La PCR en temps réel peut être utilisée pour quantifier la quantité d'un gène spécifique ou d'un ARNm spécifique dans un échantillon Dans certaines applications de la PCR, l'objectif est d'obtenir de grandes quantités d'une région de l'ADN. Pour déterminer si la PCR est réussie, un chercheur prélève généralement un échantillon d'ADN sur un gel, colore le gel avec du bromure d'éthidium (EtBr) qui se lie à l'ADN, puis observe le gel sous une lumière UV, ce qui rend l'EtBr fluorescent. Si une bande de la bonne taille est observée, l'expérience a toutes les chances d'être réussie. Cette approche PCR est parfois appelée "analyse des résultats", car la réussite de l'expérience est jugée après l'achèvement de la PCR.
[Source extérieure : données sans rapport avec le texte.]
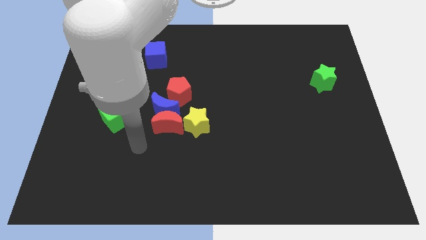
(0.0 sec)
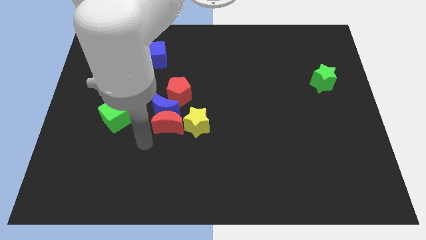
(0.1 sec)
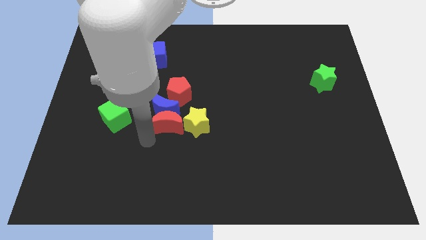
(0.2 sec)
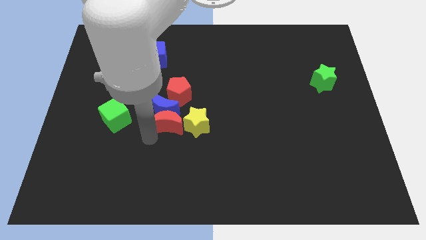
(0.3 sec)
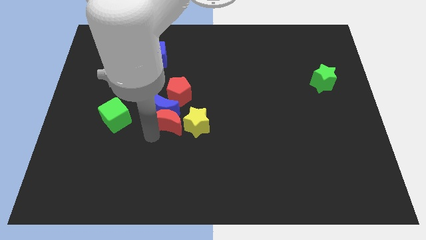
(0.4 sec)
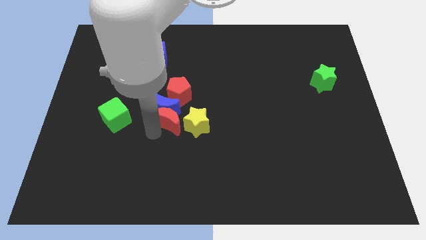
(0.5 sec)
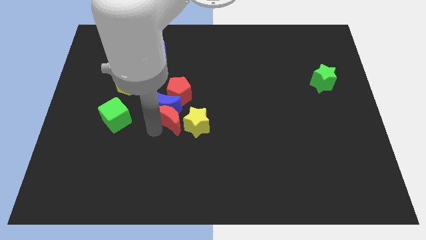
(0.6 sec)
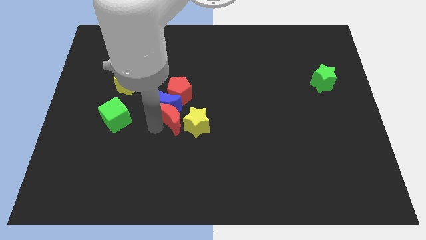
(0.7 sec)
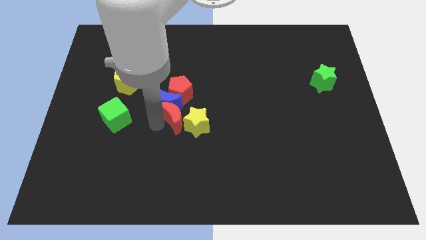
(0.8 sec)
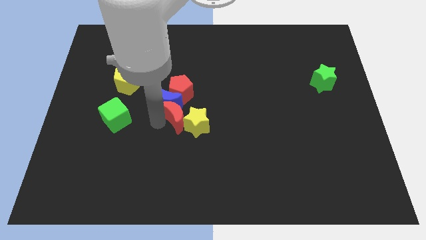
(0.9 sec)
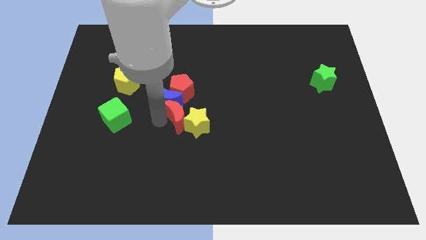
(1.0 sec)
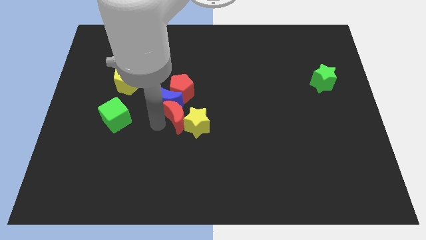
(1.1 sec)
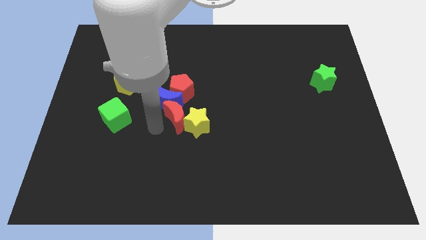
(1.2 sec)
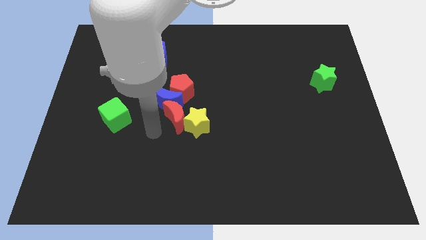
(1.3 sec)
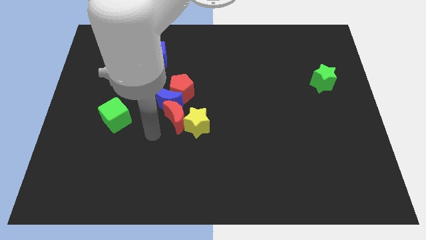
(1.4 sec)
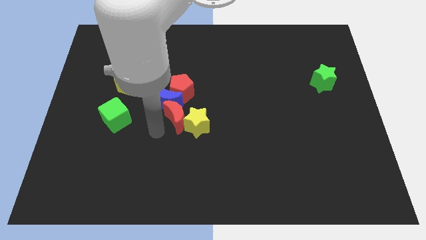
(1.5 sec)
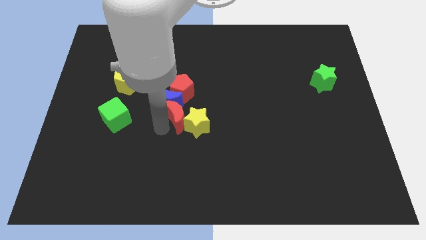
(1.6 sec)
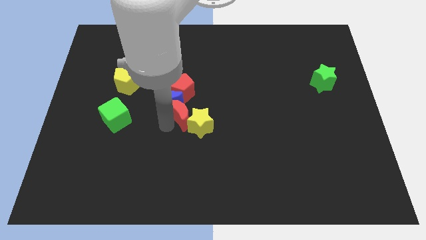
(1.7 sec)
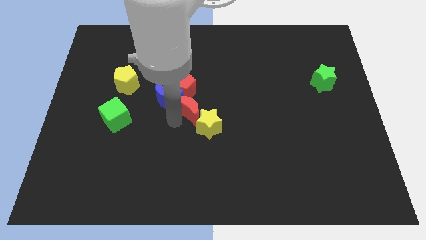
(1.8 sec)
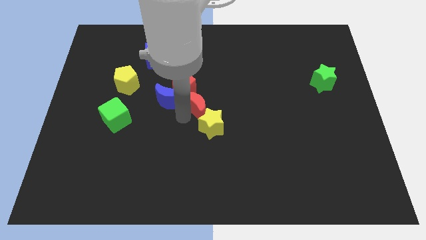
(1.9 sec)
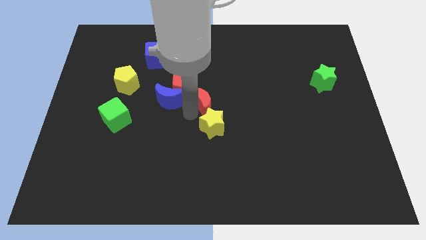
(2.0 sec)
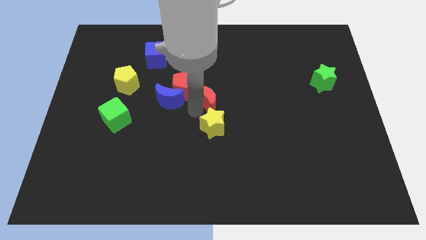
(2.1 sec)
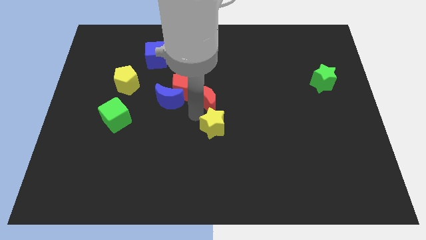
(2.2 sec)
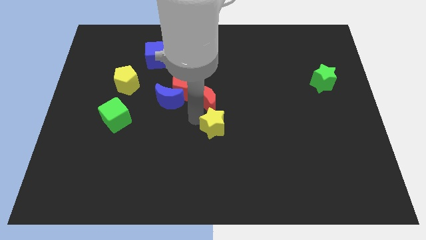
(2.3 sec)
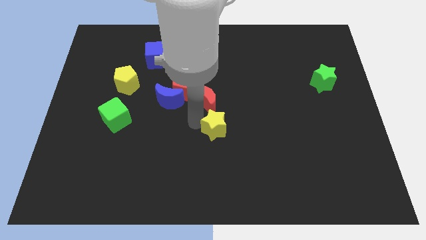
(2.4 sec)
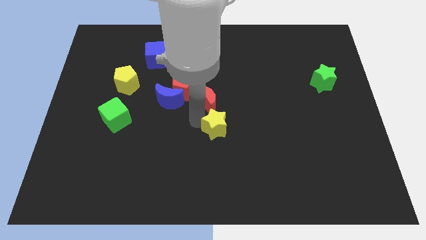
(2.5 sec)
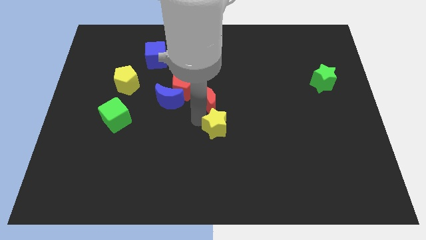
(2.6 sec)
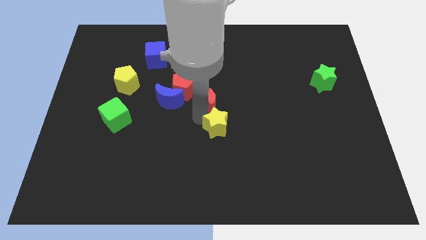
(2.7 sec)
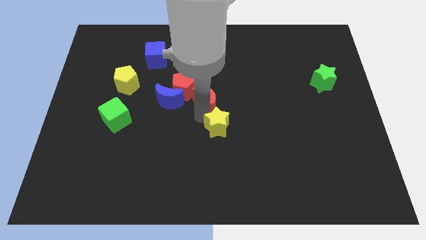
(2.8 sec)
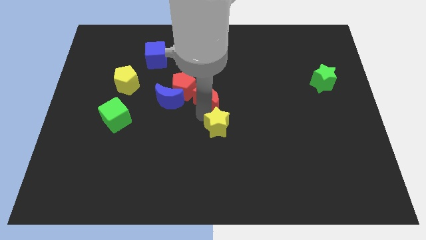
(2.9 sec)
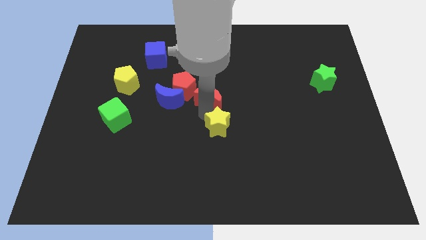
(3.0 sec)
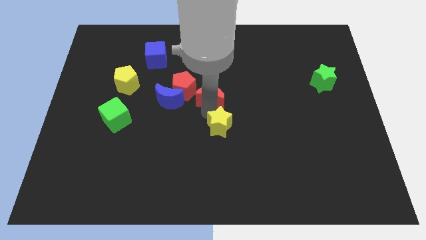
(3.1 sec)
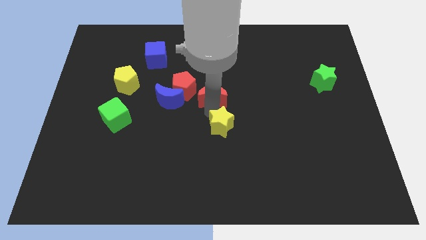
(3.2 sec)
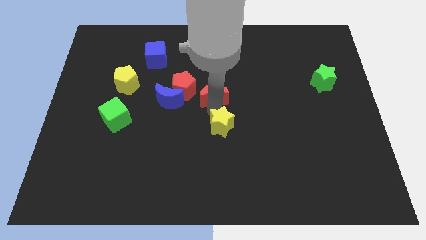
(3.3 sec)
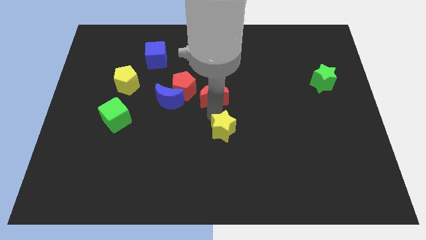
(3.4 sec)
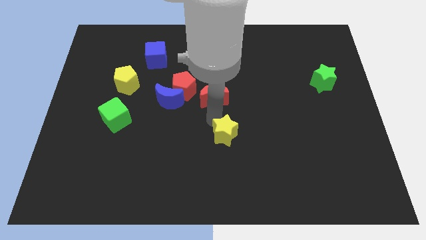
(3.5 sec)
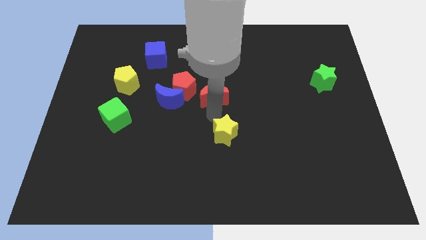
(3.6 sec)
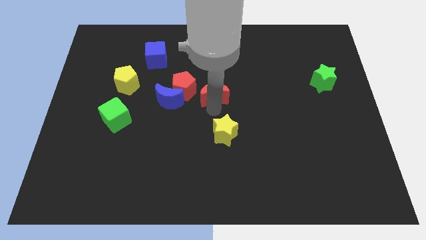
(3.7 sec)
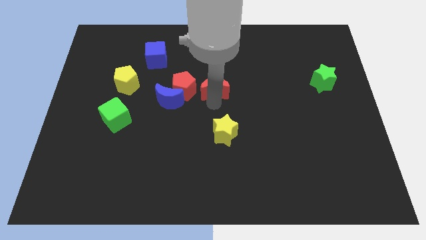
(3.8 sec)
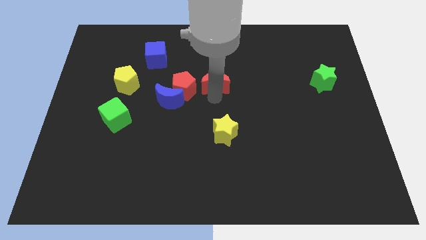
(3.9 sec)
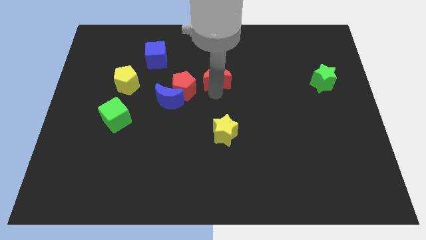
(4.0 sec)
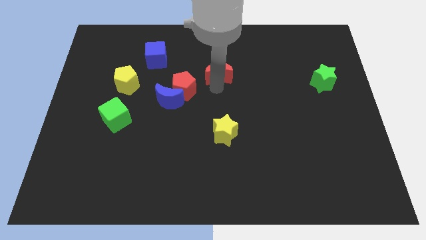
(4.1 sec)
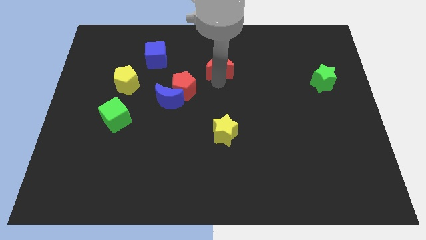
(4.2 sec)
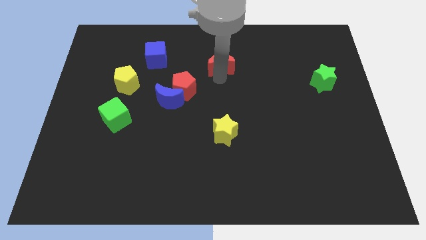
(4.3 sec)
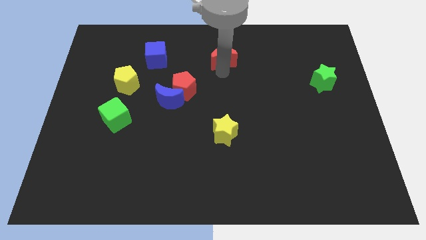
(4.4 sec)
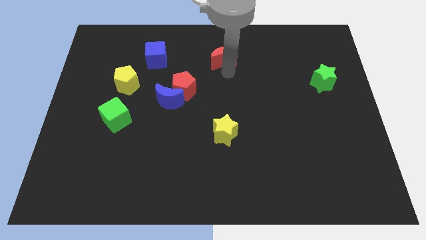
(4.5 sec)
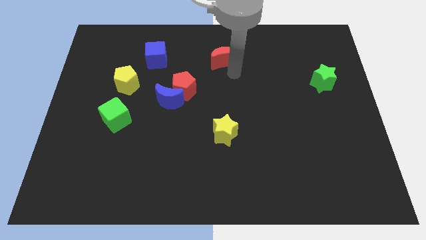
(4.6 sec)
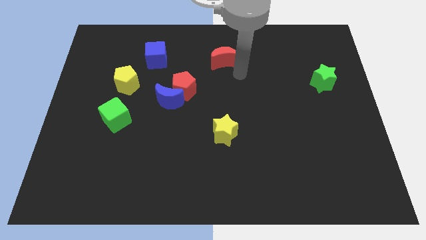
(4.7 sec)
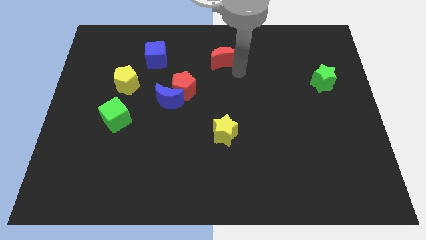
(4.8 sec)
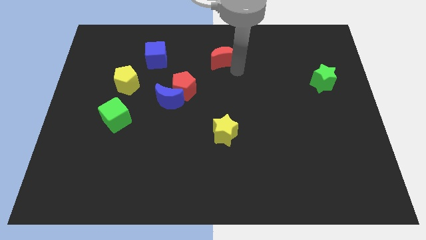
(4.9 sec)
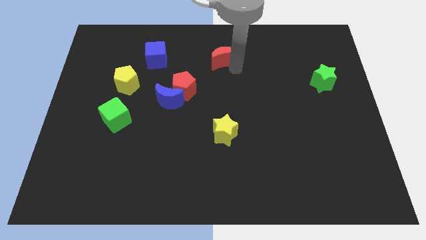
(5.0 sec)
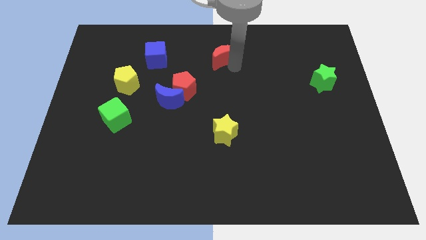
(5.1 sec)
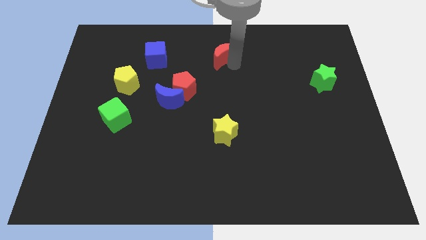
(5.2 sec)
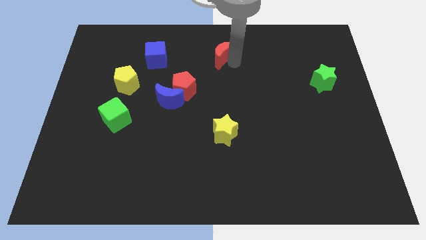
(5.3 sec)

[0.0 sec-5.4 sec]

Par comparaison, la technologie de la PCR en temps réel permet de quantifier des produits spécifiques de la PCR en "temps réel", car la PCR se déroule dans un thermocycleur. Comme les produits de la PCR sont en fin de compte dérivés de l'ADN matrice qui a été initialement ajouté à la réaction, cette approche permet aux chercheurs de déterminer la quantité d'ADN, comme l'ADN qui code un gène spécifique, qui se trouvait à l'origine dans l'échantillon avant la PCR. De même, si le matériel de départ est de l'ARNm qui est transcrit en ADN, la PCR en temps réel peut être utilisée pour déterminer combien d'ARNm d'un gène spécifique se trouvait dans un échantillon. Cela permet de pour mesurer quantitativement l'expression des gènes.